Gigi pulled into the short driveway up against the useless garage door. The sad peeling paint on the panels reflected back at her in the bright headlights. She had worked late again. She turned the car off, waiting for the automatic lights to shut down. In the darkness, she could see the holiday lights on the neighbors’ houses on both sides.
The blow-up, giant, artificial snowballs along with lighted candy canes outlining driveways were only the start. Each house seemed to find something else to put lights on, including the pointed bushes in the yards and the palm trees. Each home that had a palm had found a different way to string lights on them. They wrapped the long knobby trunks in colors and put white lights on the fronds. Some had big red bows and large lighted balls hanging on them.
Her neighbors probably thought she was either Jewish or an atheist. In fact, in the cluttered block of small old homes, most only about nine hundred to twelve hundred square feet, hers was the only one without a single Christmas decoration of any type.
The area was lower class, but reasonably safe, full of small families and retirees who had been in these homes for many years. She looked at the decorations around her as she lugged her plastic bags of food into the house. Most of the trimmings were either very old or a lot of the cheap items found at the local chain stores. Yet, what always amazed her were the decorations in the palm trees.
Her company transferred her to Florida and she had admitted when asked about moving by her superior in the Lansing, Michigan office how she felt about moving to a warm climate, she told the truth. It just didn’t matter. Nothing had mattered after a car had wiped out her parents’ auto, killing them on impact.
She had been close to her parents as an only child.
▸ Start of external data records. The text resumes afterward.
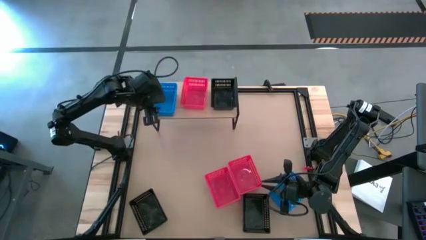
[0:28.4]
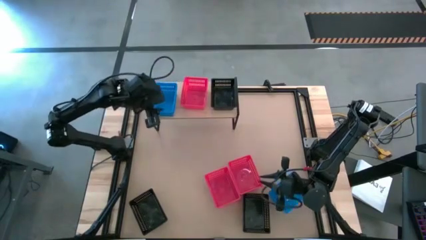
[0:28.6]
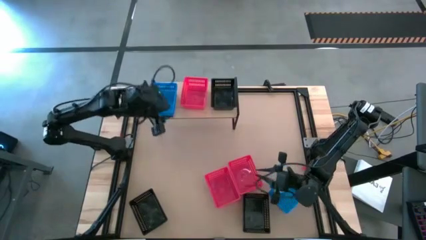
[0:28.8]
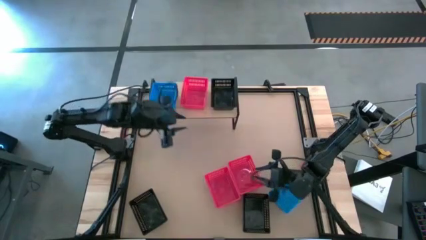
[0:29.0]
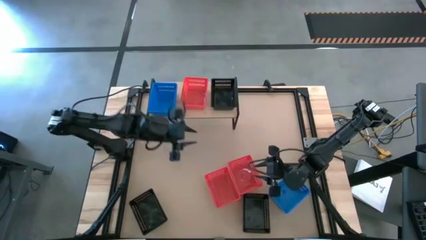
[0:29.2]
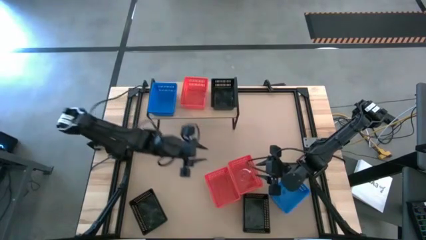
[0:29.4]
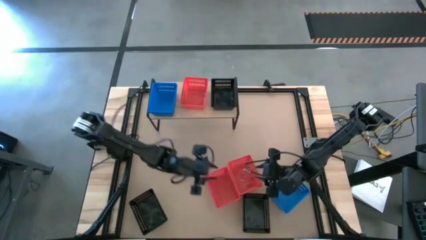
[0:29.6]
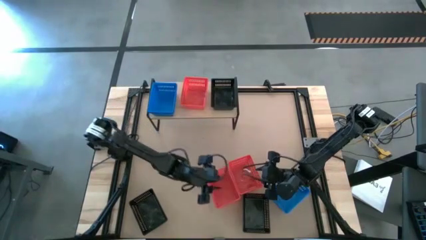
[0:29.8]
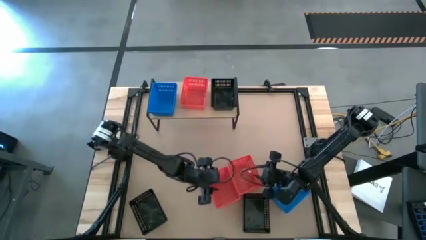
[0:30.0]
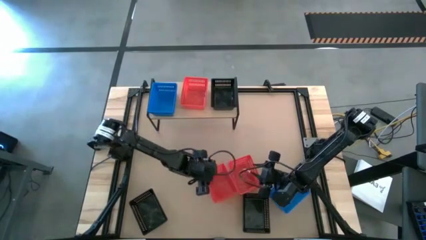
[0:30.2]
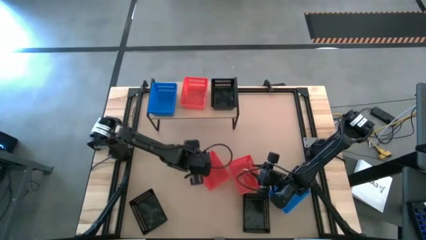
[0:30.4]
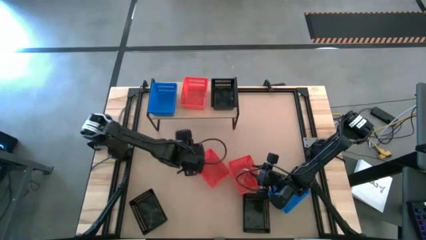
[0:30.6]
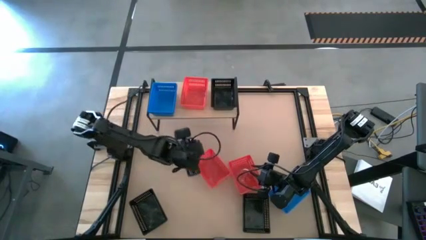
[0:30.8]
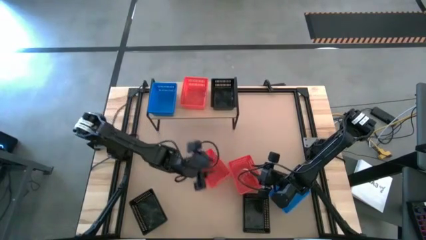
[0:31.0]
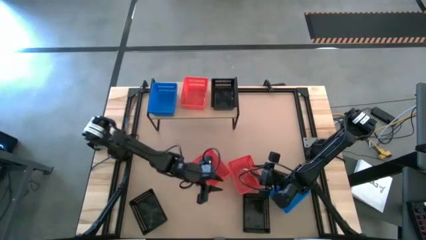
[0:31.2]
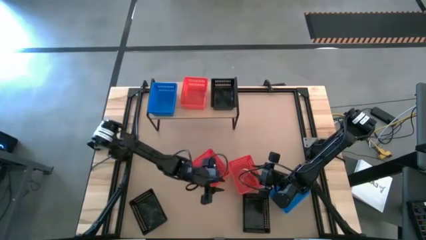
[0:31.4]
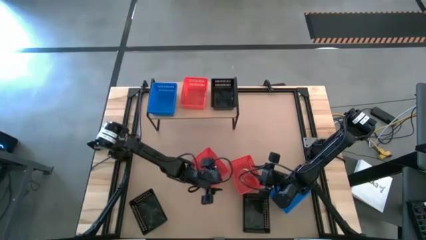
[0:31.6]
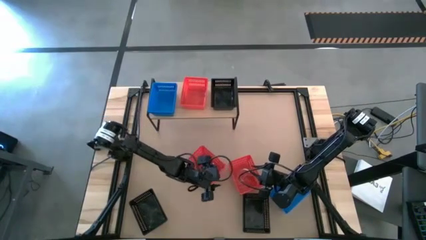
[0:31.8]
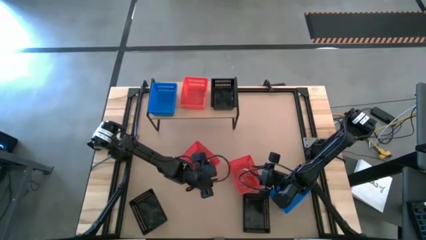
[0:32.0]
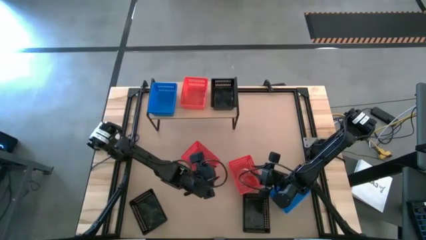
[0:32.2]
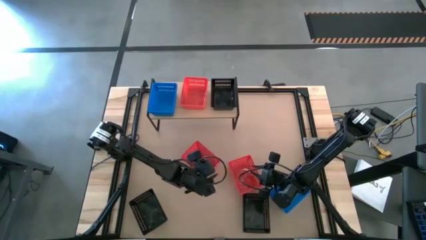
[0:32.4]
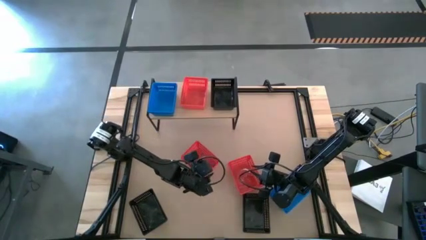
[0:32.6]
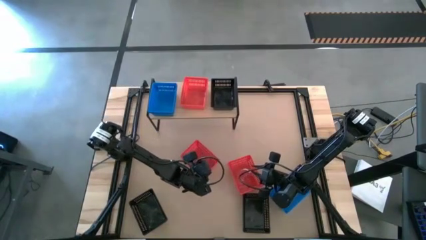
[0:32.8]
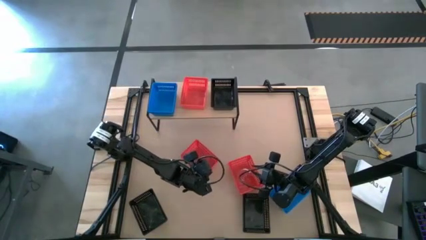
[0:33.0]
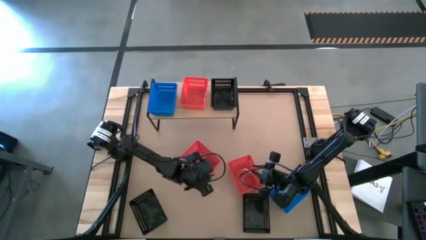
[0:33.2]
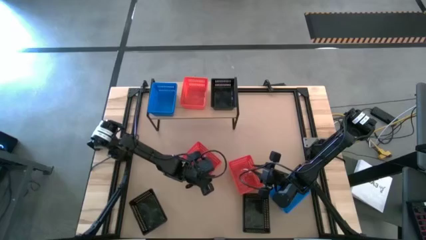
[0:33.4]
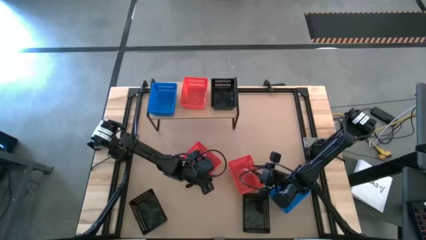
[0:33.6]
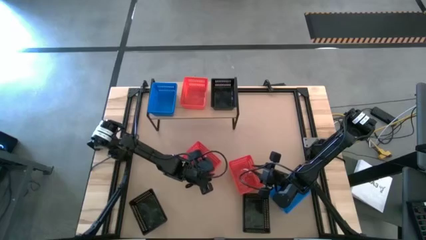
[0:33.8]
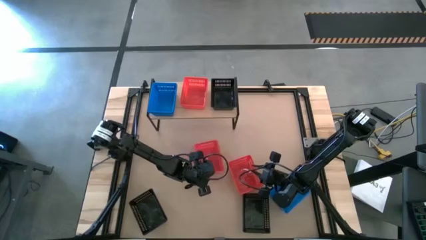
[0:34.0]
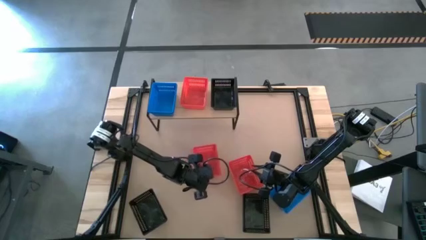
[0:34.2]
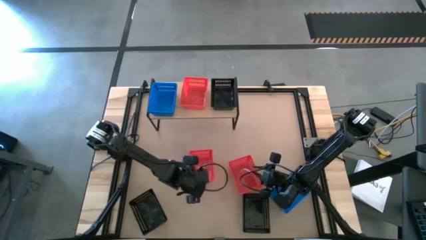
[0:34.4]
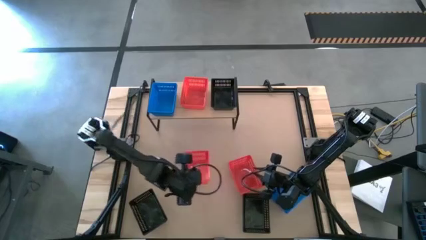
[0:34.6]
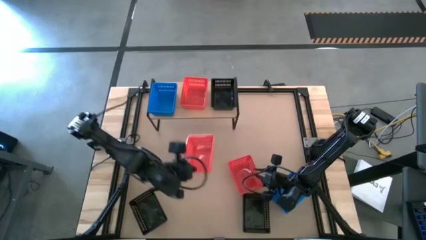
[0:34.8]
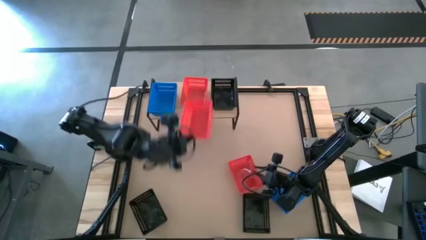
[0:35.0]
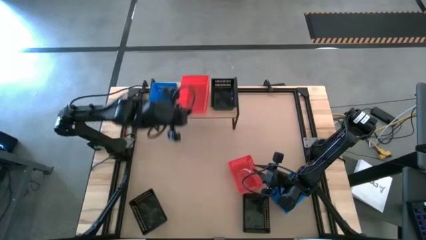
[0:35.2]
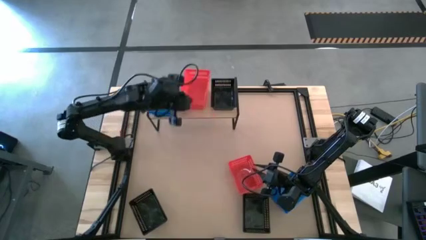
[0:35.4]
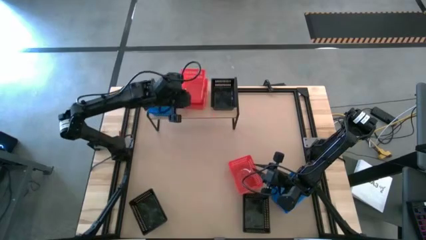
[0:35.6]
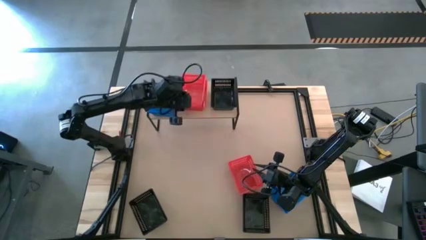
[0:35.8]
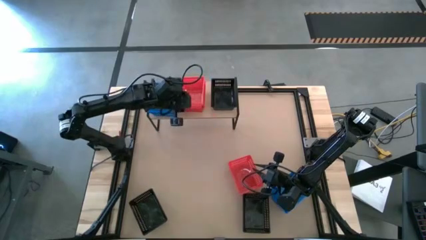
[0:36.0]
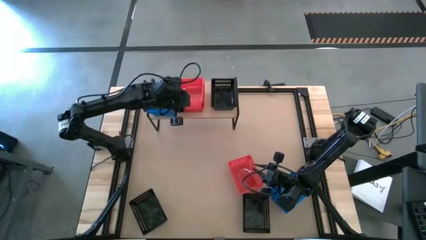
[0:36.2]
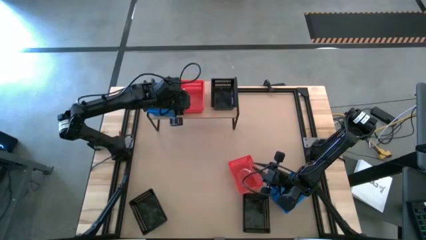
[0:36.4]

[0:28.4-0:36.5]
Stack the left red bin on the red bin on the shelf

Dad had attended every one of her softball games and Mom had helped her choose her prom dress. The close little family celebrated Christmas by going to church on Christmas Eve and then going to the local family services center to give out the donated presents for the children.
They had a great and silly Christmas morning exchanging, at least one equally silly gift as well as several thoughtful items, then it was back to the church to help dish up the turkey dinner for all the people who showed up for the free meal. This had gone on for years as they went home in the cold winter night to their outdoor lights and the tree with its many glass ornaments.
All of that ended when the drunk hit her parents’ car in the side, wiping their car out as the vehicle was pushed between the front end of the SUV and the wall of steel that had been erected to prevent anyone from going over the embankment at the river. No, they didn’t go over the embankment, instead they were so smashed within the wreckage, it took two sets of
to pull their mangled bodies from their fairly new sedan.
The drunk driver and his equally intoxicated passenger walked away with a few scratches because of their airbags.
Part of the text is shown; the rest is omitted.